Tuesday, April 5, 2011

Putting it into Perspective

Chillin' during the (two-hour) sit-down reception last weekend
If you've never met me in person before, then this blog is the main way for us to "meet," at least for now that is.  That thought actually kind of scares me a little!  I am focusing so much on one part that you may not be getting an accurate view of me.  I have been thinking about this alot and hoping that I am not coming across as being too focused on running.  Don't get me wrong, I love to run, but it's not who I am.

Thus, some things about Katie that you may or may not know:

*I run (at most) 4 days a week.  It is not a big part of my day, as it's mostly done in the wee morning hours. 

* I often feel like my training is inadequate, but I don't feel like putting in any more effort.  This leads me to "kamikaze run," a term used to describe Shalane Flanagan's once-foolish race strategy that now pretty well describes mine (see Runner's World article here).

* I raced 16 times last year, less than 1/3 of the Saturdays in the year.  I raced only 6 times in 2009.

*My main enjoyment in running comes from the fact that it is a common bond between my husband and me.  We met through running, have finished marathons side-by-side, and offer each other support and encouragement as we train.  I ache for all couples to have something like this that they can enjoy doing together.  I miss the frequent training we used to do together before having children.

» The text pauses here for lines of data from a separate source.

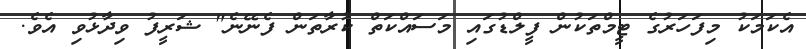
އެކަމަކު މިފަހަރުގެ ޓީމްތަކުން ފީލްޑުގައި މަސައްކަތް ކުރާތަން ފެނޭނެ" ޝަރީފު ވިދާޅުވި އެވެ.
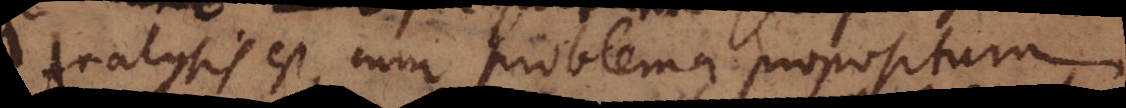
Analysis est, cum problema propositum
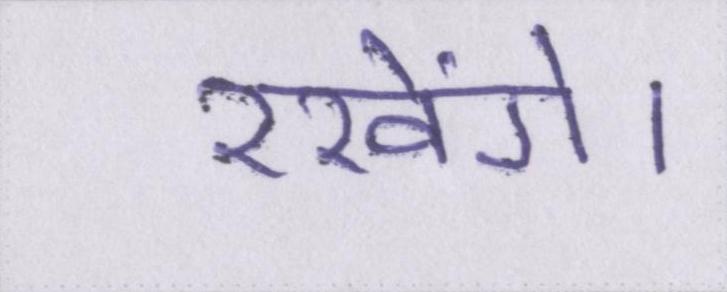
रखेंगे।
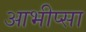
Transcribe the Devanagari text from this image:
आभीप्सा
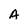
Character: A
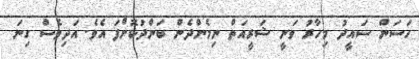
ހަސަން ސައީދު މިހާރު ވަނީ ޝަރީއަތް ނިމެންދެން ބަންދުކޮށްފަ އެވެ. އަދިވެސް ގިނަ
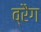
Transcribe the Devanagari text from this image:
व्रैग
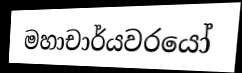
මහාචාර්යවරයෝ
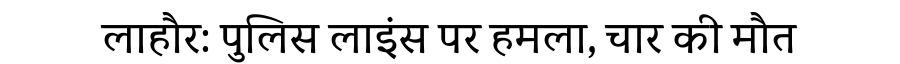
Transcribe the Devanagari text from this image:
लाहौर: पुलिस लाइंस पर हमला, चार की मौत
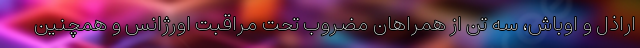
اراذل و اوباش، سه تن از همراهان مضروب تحت مراقبت اورژانس و همچنین
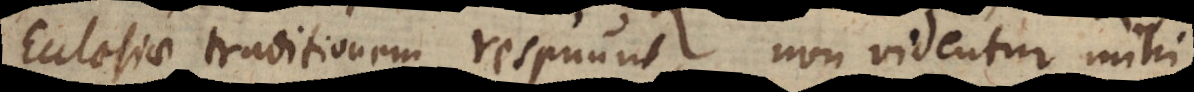
Ecclesiae traditionem respuunt, non videntur mihi
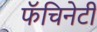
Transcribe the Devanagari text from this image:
फॅचिनेटी
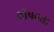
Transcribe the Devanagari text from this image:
थोपवता
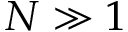
N \gg 1
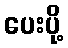
ပေးပို့
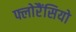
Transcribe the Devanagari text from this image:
फ्लोरैंसियो
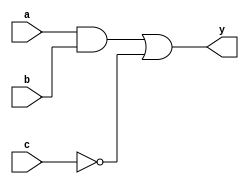
module simple_continuous_assignment (
    input wire a,      // Input signal a
    input wire b,      // Input signal b
    input wire c,      // Input signal c
    output wire y      // Output signal y
);

// Continuous assignment using the assign statement
// Here, y is assigned the result of a AND b OR NOT c
assign y = (a & b) | ~c;

endmodule
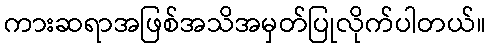
ကားဆရာအဖြစ်အသိအမှတ်ပြုလိုက်ပါတယ်။
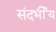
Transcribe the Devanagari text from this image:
संदर्भीय
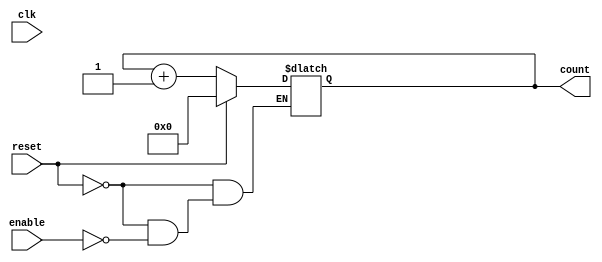
module dynamic_async_counter (
    input wire clk,               // Clock signal
    input wire reset,             // Asynchronous reset
    input wire enable,            // Enable signal for counting
    output reg [3:0] count        // 4-bit counter output
);

    // Asynchronous reset and counting logic
    always @(*) begin
        if (reset) begin
            count = 4'b0000;  // Reset counter to 0
        end else if (enable) begin
            count = count + 1; // Increment counter
        end
    end

endmodule
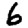
Digit: 6
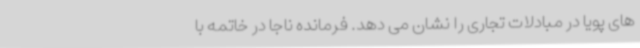
های پویا در مبادلات تجاری را نشان می دهد. فرمانده ناجا در خاتمه با
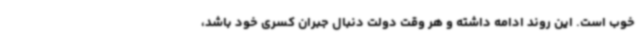
خوب است. این روند ادامه داشته و هر وقت دولت دنبال جبران کسری خود باشد،
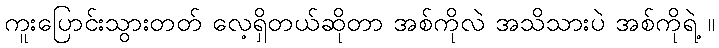
ကူးပြောင်းသွားတတ် လေ့ရှိတယ်ဆိုတာ အစ်ကိုလဲ အသိသားပဲ အစ်ကိုရဲ့ ။
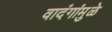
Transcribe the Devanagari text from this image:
वादंगांमुळे
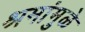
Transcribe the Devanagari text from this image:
श्रमांमुळे
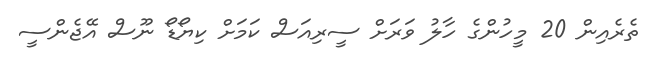
ތެރެއިން 20 މީހުންގެ ހާލު ވަރަށް ސީރިއަސް ކަމަށް ކިޔޯޑޯ ނޫސް އޭޖެންސީ
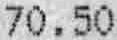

*Our main focus for our marathons is childcare and available activities for the children at our destination.  The marathon is a distant dead-last in terms of what I think about as I am packing for one of our trips. 

* I have 60 posts on this blog, which I started last May.  I have 280 posts on my (private) family blog, which I started when my son was born nearly five years ago.  I spend a great deal of time uploading pictures to that blog, adding little stories from the month, etc.  I am on that blog A LOT.  It's a much better picture of who I am.

* I gave up my teaching career to stay at home and raise our two children.  I think alot about what my daily life will be like in two years when they are off in "big school."  My proudest achievement over the last four years has nothing to do with running.  It's teaching at their preschool so that I could pay their tuition with my salary. 

*I love being their mother and work daily on being a better mom.  My nightstand always has a collection of Christian parenting books on it.  I'd much rather get better at mothering than marathoning, and I'd much rather be remembered as a good mother than as some girl who did pretty well in some races.

So, it is my hope that my readers will understand where I'm coming from when I post on this blog.  I will continue to make it very running-heavy, because that's what it's about.  I just wanted you to know that that's not what my life is about.